Material provided:
____

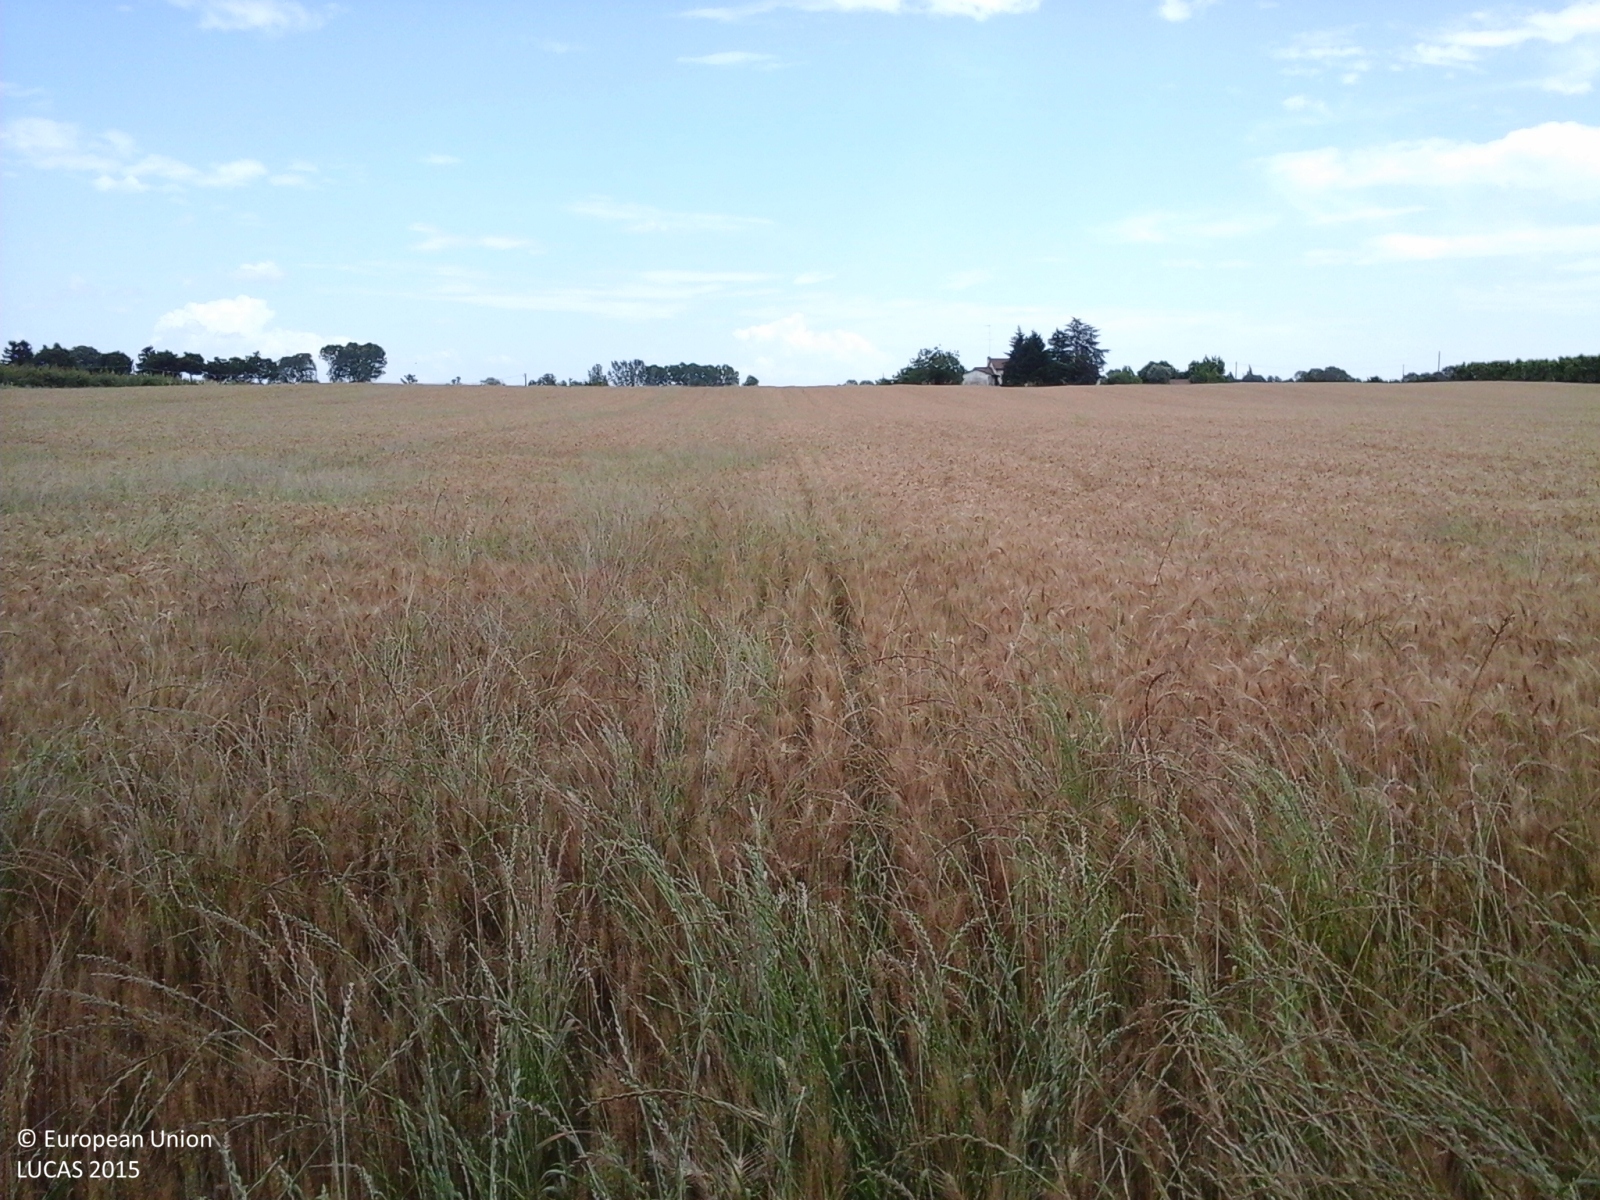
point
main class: Cropland
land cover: Common wheat
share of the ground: > 75 %
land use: Agriculture (excluding fallow land and kitchen gardens)
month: June
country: IT
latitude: 44.2432
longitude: 11.8866

____

Your instructions:
Only the lines from the one containing "share of the ground: > 75 %" through the last line of the material should be returned, each one exactly as written.

Exercise answer:
share of the ground: > 75 %
land use: Agriculture (excluding fallow land and kitchen gardens)
month: June
country: IT
latitude: 44.2432
longitude: 11.8866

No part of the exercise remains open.